------ Exercise data ------

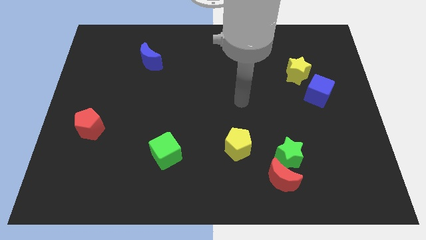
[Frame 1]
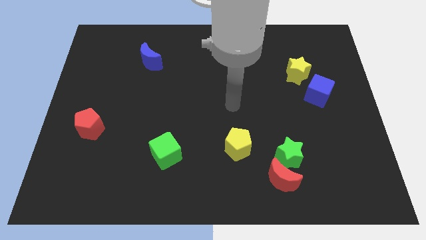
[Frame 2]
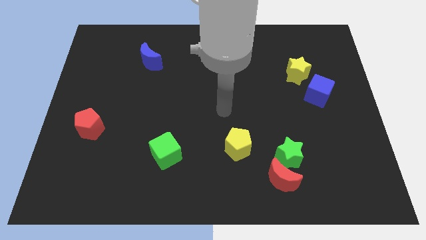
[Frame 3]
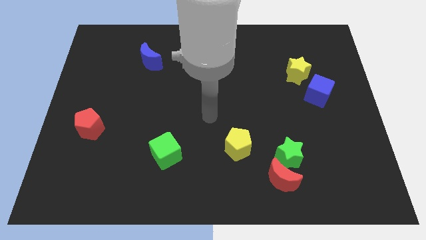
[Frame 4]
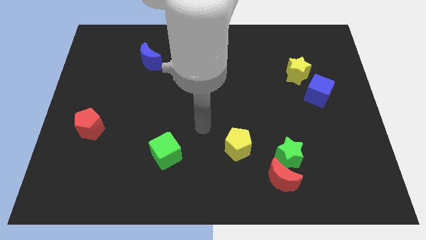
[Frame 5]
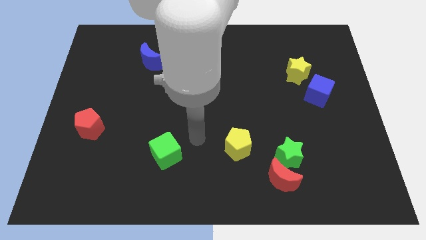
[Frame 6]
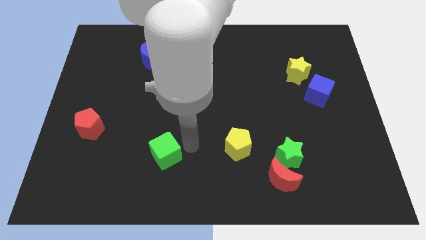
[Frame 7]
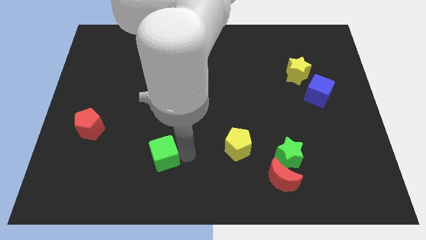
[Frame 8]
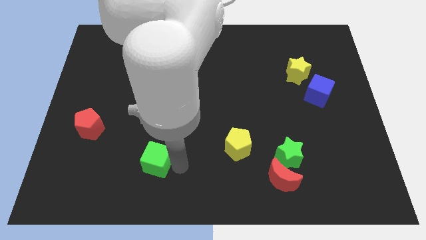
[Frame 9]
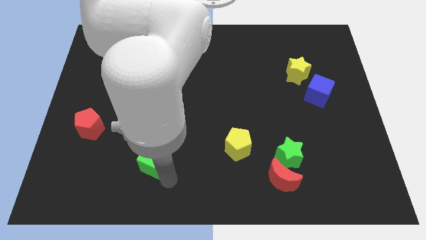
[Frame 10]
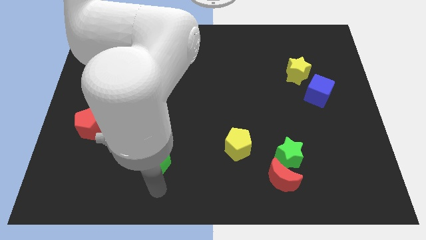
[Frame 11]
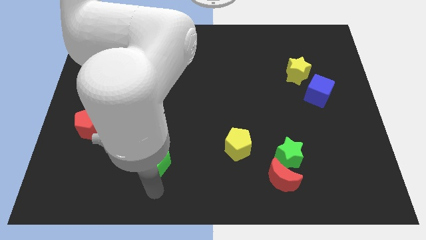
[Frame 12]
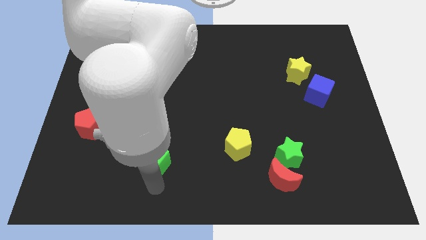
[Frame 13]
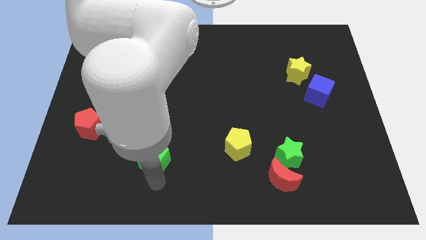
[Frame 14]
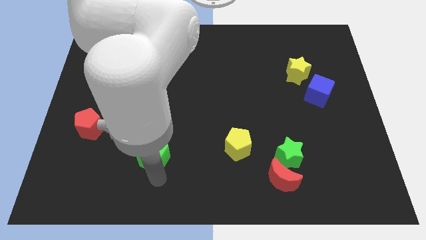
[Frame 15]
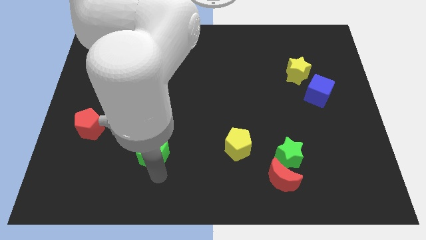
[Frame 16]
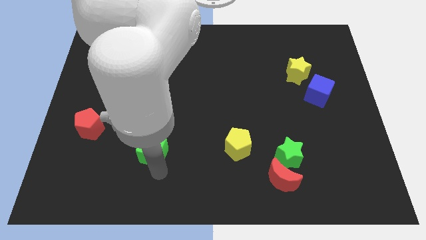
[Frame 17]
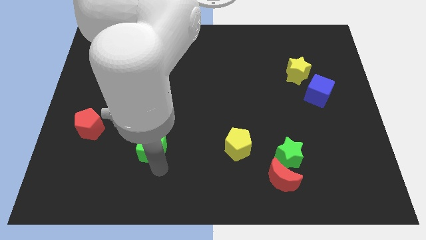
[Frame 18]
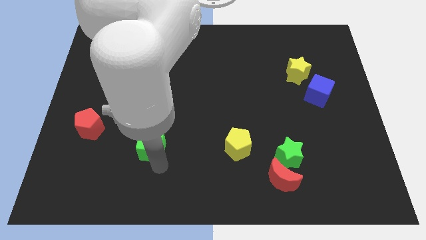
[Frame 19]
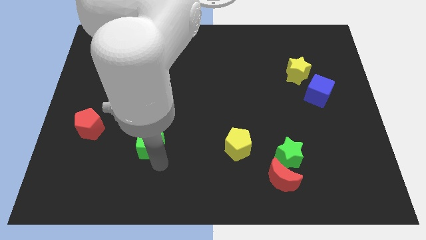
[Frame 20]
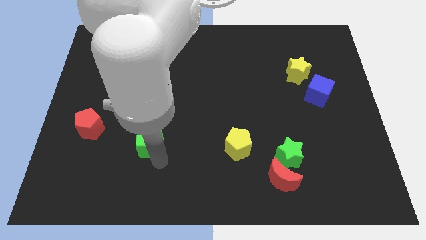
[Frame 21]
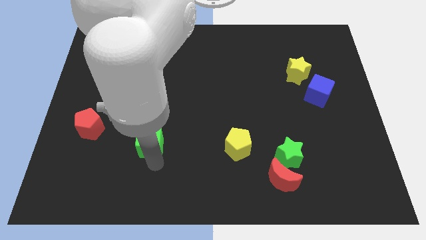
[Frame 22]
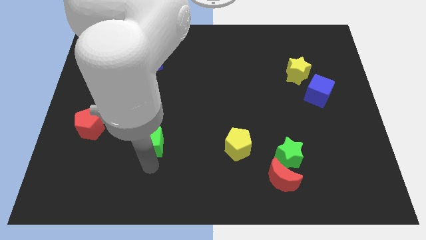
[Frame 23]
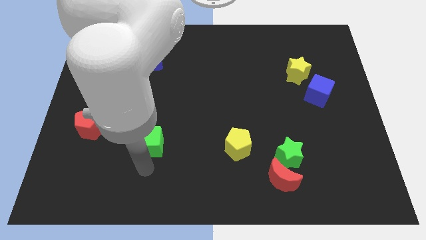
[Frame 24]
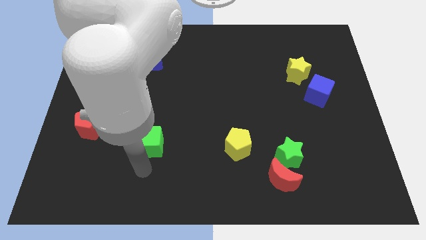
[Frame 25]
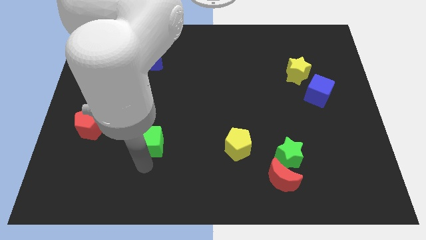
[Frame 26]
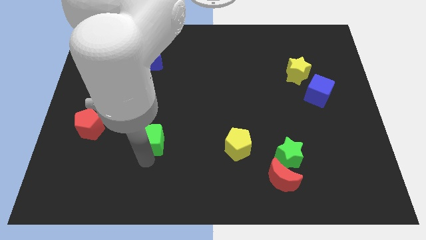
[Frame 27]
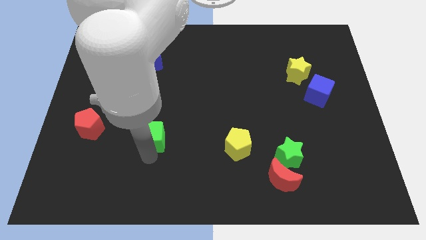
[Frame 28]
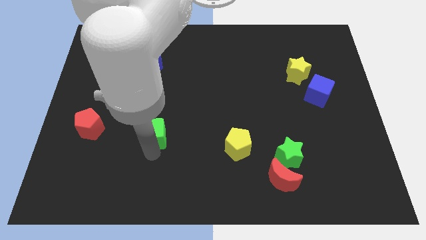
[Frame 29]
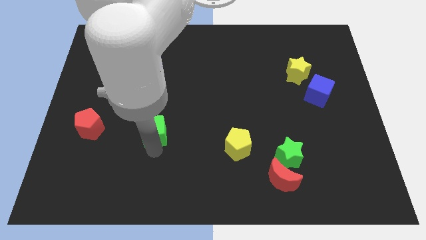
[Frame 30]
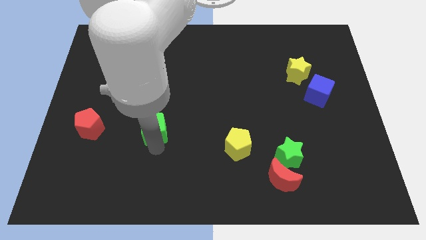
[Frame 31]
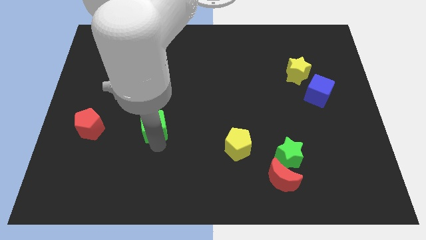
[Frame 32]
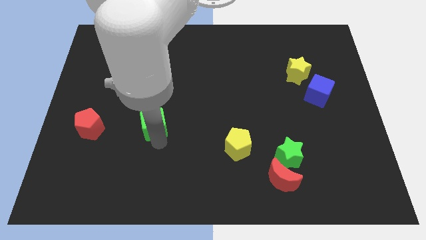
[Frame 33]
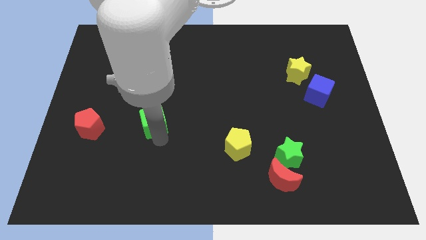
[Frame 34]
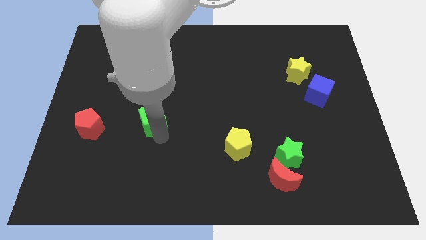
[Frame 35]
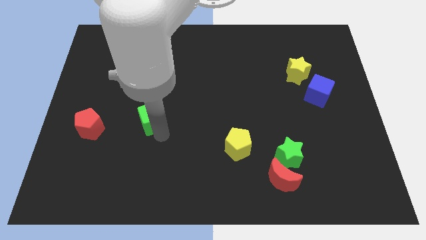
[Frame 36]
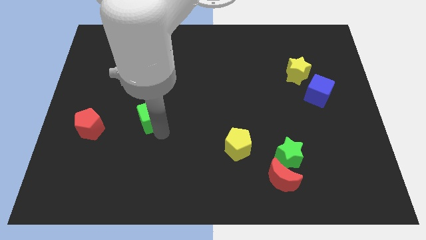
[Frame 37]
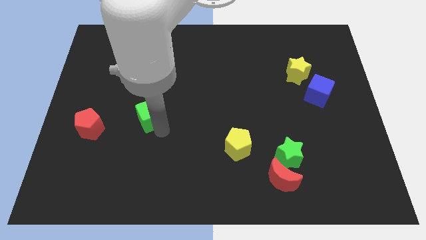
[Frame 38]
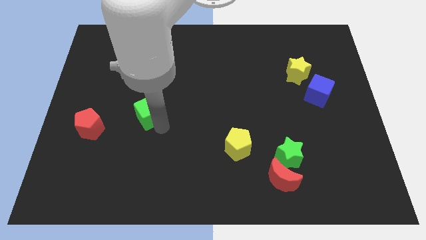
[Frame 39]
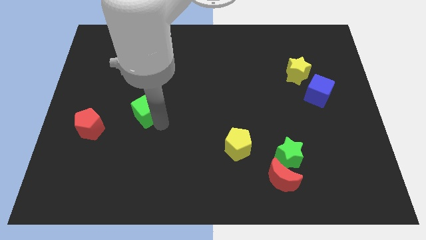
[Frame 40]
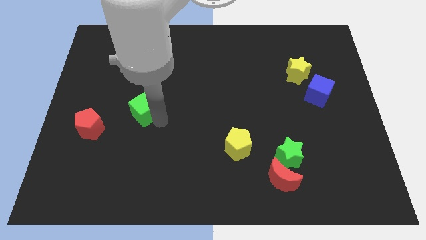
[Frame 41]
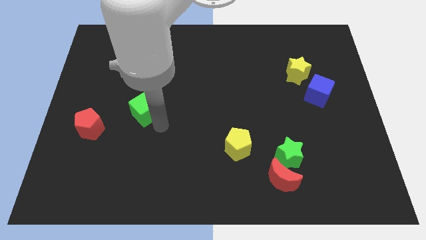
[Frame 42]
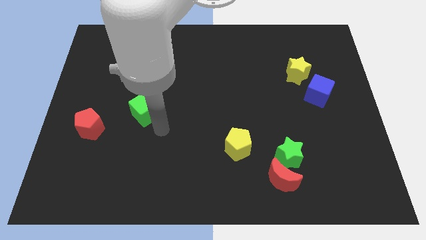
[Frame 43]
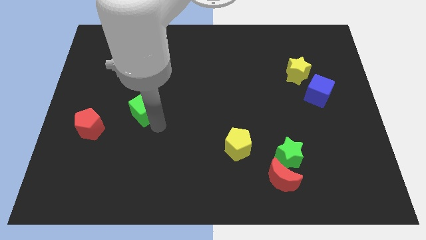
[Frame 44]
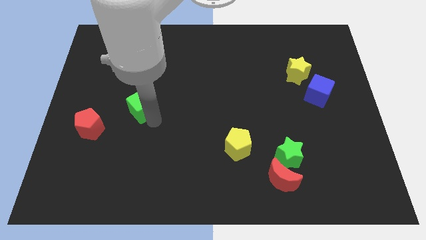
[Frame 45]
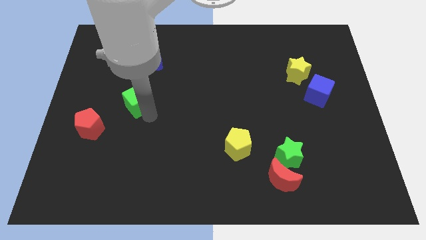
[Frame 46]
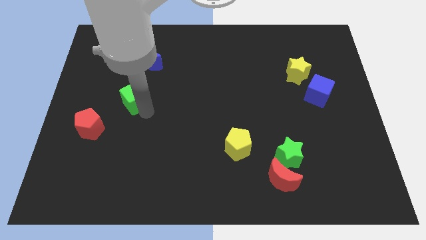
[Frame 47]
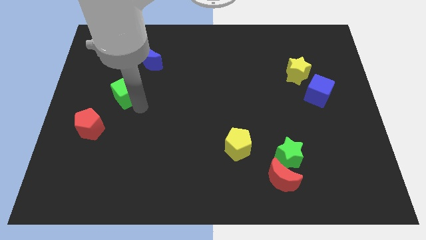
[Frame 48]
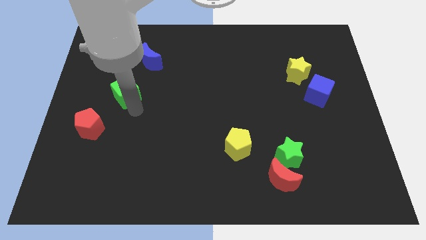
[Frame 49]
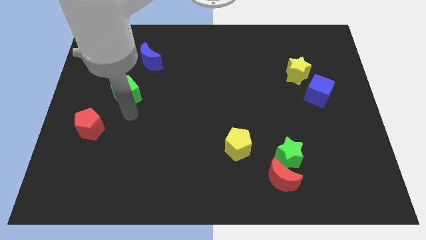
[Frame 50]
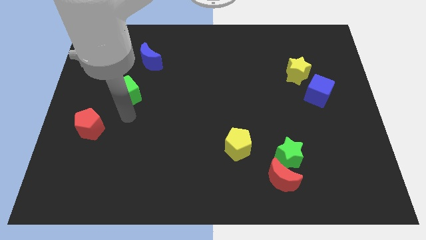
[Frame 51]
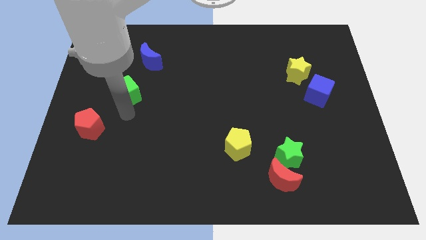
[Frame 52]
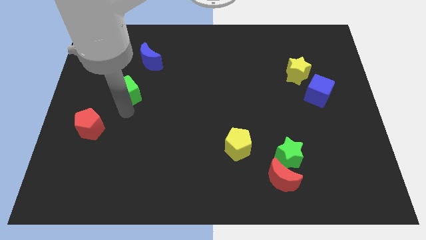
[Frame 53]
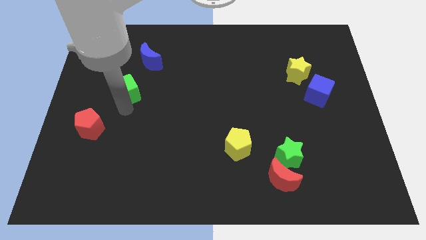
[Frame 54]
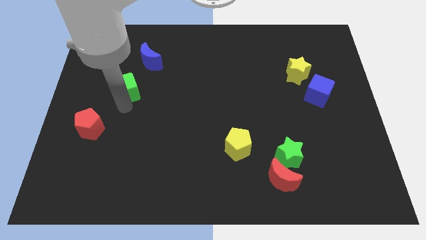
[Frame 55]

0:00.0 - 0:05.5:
put the green cube to the bottom left side of the blue moon

------

## What to do
No images belong in the copy. Transcribe every record exactly.

## Output of the task
[Frame 1]
[Frame 2]
[Frame 3]
[Frame 4]
[Frame 5]
[Frame 6]
[Frame 7]
[Frame 8]
[Frame 9]
[Frame 10]
[Frame 11]
[Frame 12]
[Frame 13]
[Frame 14]
[Frame 15]
[Frame 16]
[Frame 17]
[Frame 18]
[Frame 19]
[Frame 20]
[Frame 21]
[Frame 22]
[Frame 23]
[Frame 24]
[Frame 25]
[Frame 26]
[Frame 27]
[Frame 28]
[Frame 29]
[Frame 30]
[Frame 31]
[Frame 32]
[Frame 33]
[Frame 34]
[Frame 35]
[Frame 36]
[Frame 37]
[Frame 38]
[Frame 39]
[Frame 40]
[Frame 41]
[Frame 42]
[Frame 43]
[Frame 44]
[Frame 45]
[Frame 46]
[Frame 47]
[Frame 48]
[Frame 49]
[Frame 50]
[Frame 51]
[Frame 52]
[Frame 53]
[Frame 54]
[Frame 55]

0:00.0 - 0:05.5:
put the green cube to the bottom left side of the blue moon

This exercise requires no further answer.